_Exercise goal:_ Pictures do not belong in the copy; retype the records below exactly.

_Material for this task:_
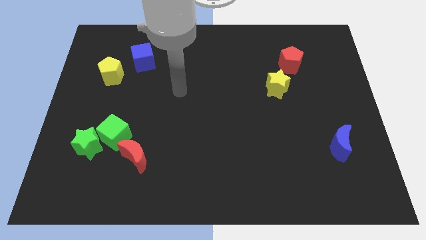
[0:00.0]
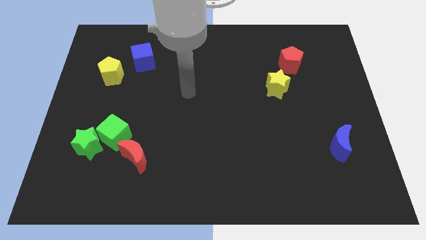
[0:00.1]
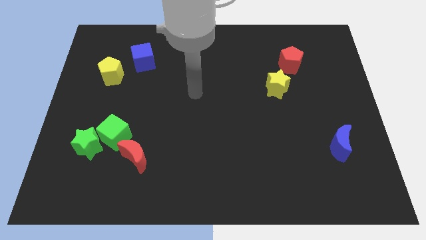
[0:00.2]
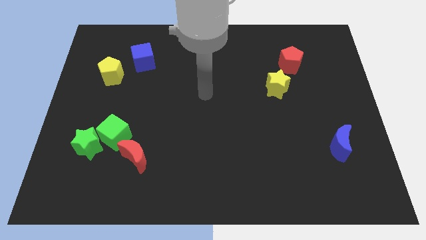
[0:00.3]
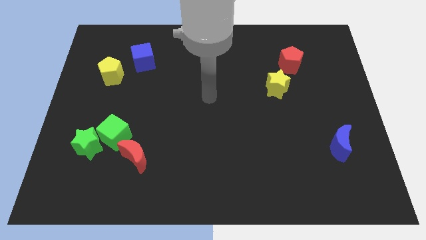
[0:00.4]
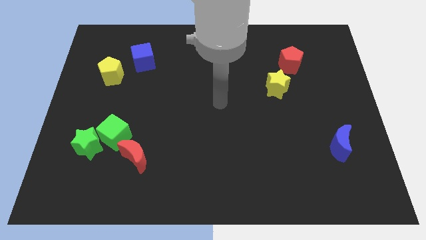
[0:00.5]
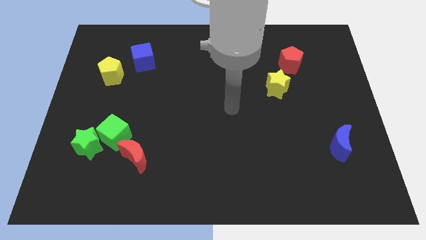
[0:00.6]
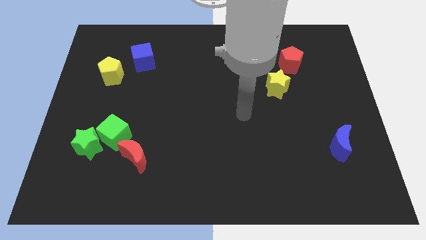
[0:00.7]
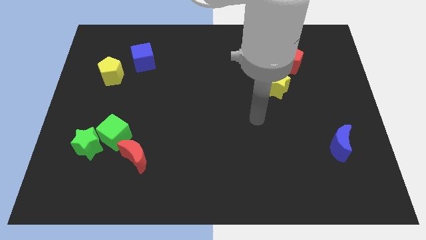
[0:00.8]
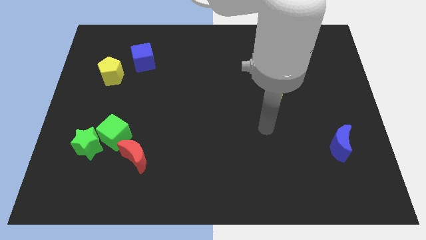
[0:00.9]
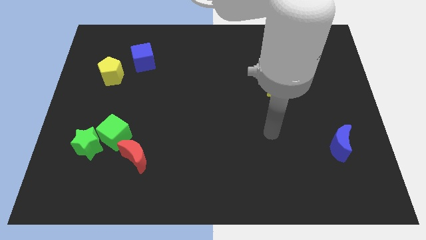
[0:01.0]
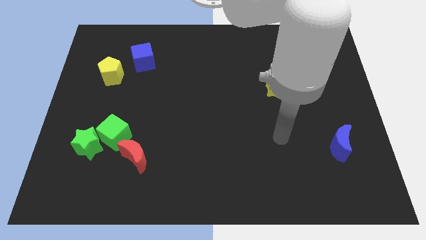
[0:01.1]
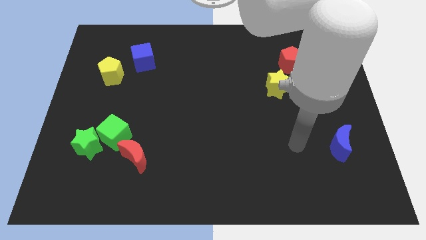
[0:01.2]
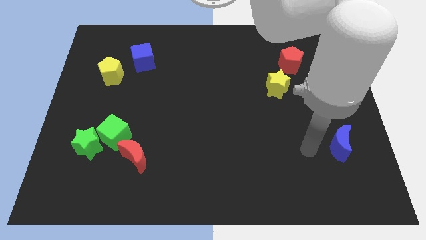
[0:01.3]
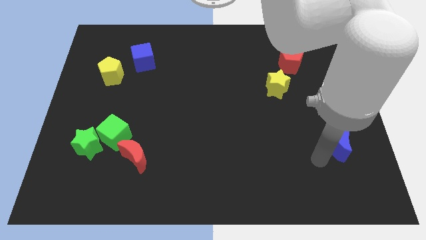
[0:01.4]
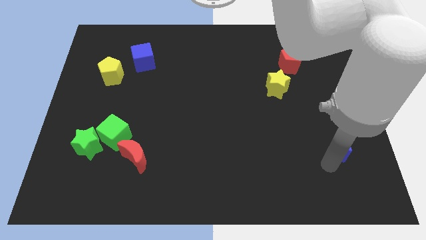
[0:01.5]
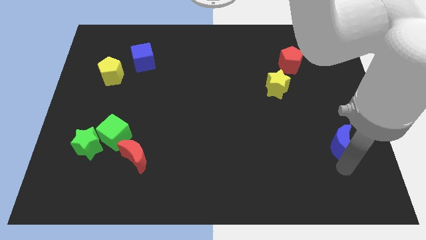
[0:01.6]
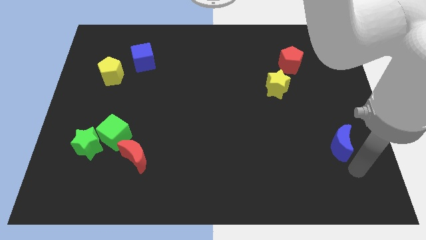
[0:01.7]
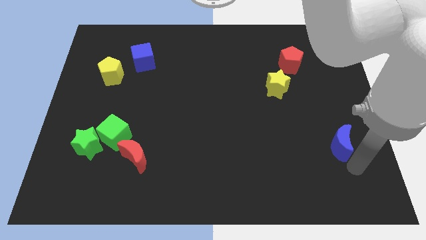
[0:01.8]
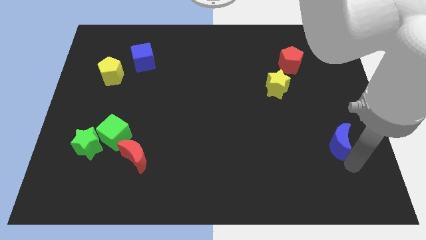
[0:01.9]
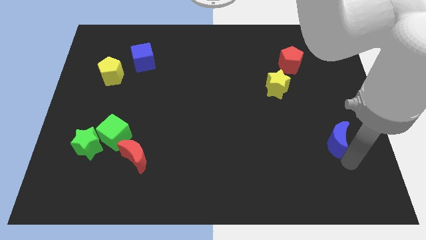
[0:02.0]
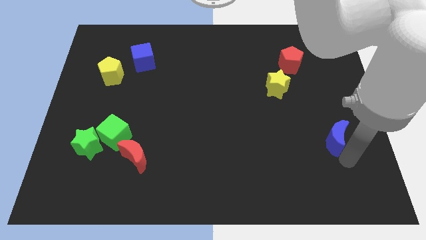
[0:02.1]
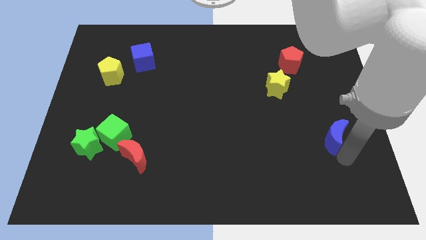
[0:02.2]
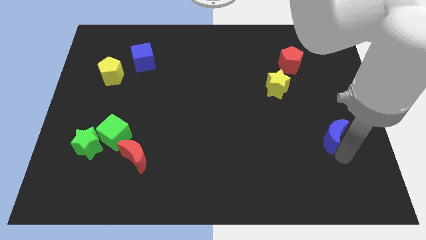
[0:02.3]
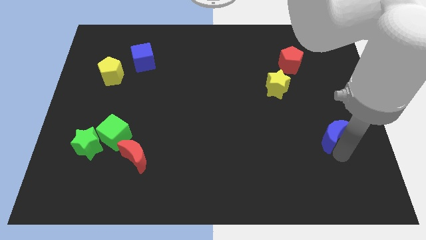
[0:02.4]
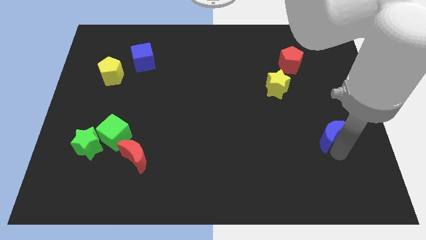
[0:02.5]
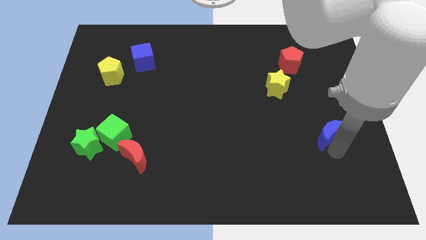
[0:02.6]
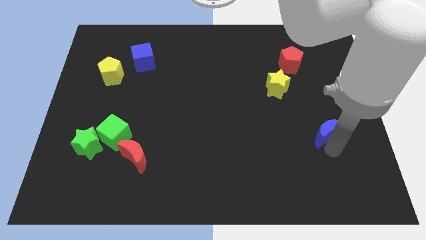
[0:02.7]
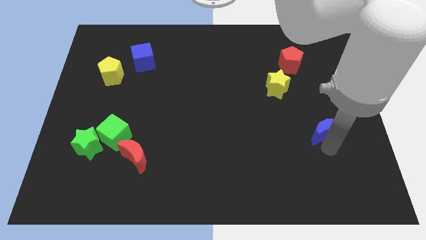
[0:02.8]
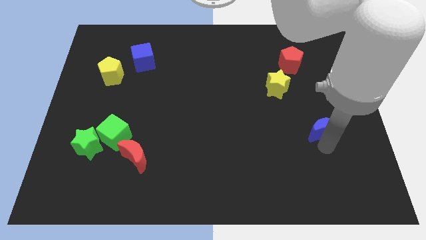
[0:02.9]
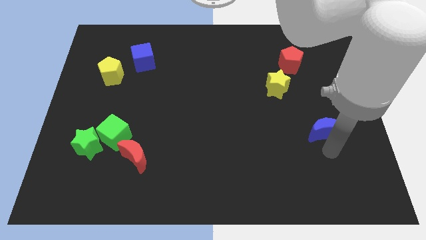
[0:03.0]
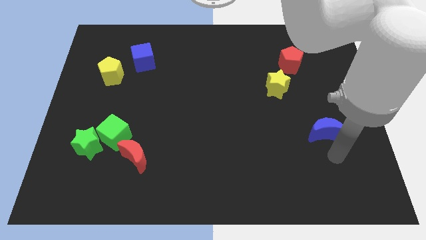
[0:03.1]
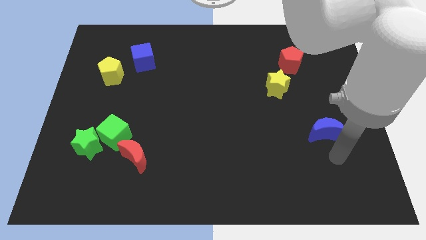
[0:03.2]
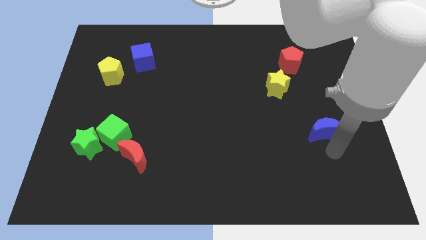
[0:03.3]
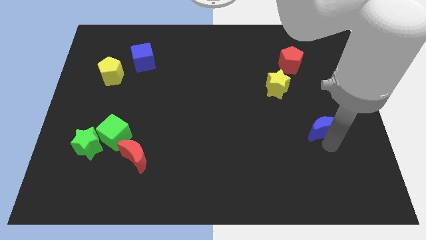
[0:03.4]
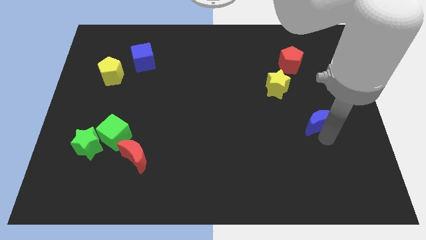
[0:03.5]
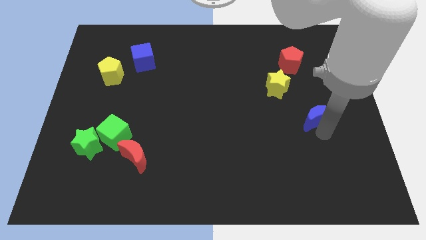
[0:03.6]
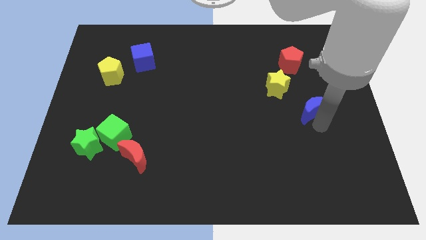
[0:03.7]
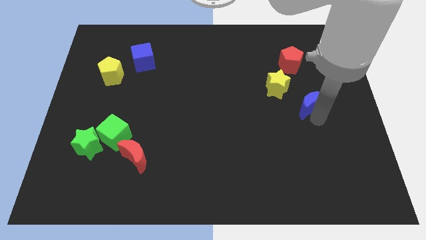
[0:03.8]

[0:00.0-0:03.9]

_Reply to the exercise:_
[0:00.0]
[0:00.1]
[0:00.2]
[0:00.3]
[0:00.4]
[0:00.5]
[0:00.6]
[0:00.7]
[0:00.8]
[0:00.9]
[0:01.0]
[0:01.1]
[0:01.2]
[0:01.3]
[0:01.4]
[0:01.5]
[0:01.6]
[0:01.7]
[0:01.8]
[0:01.9]
[0:02.0]
[0:02.1]
[0:02.2]
[0:02.3]
[0:02.4]
[0:02.5]
[0:02.6]
[0:02.7]
[0:02.8]
[0:02.9]
[0:03.0]
[0:03.1]
[0:03.2]
[0:03.3]
[0:03.4]
[0:03.5]
[0:03.6]
[0:03.7]
[0:03.8]

[0:00.0-0:03.9]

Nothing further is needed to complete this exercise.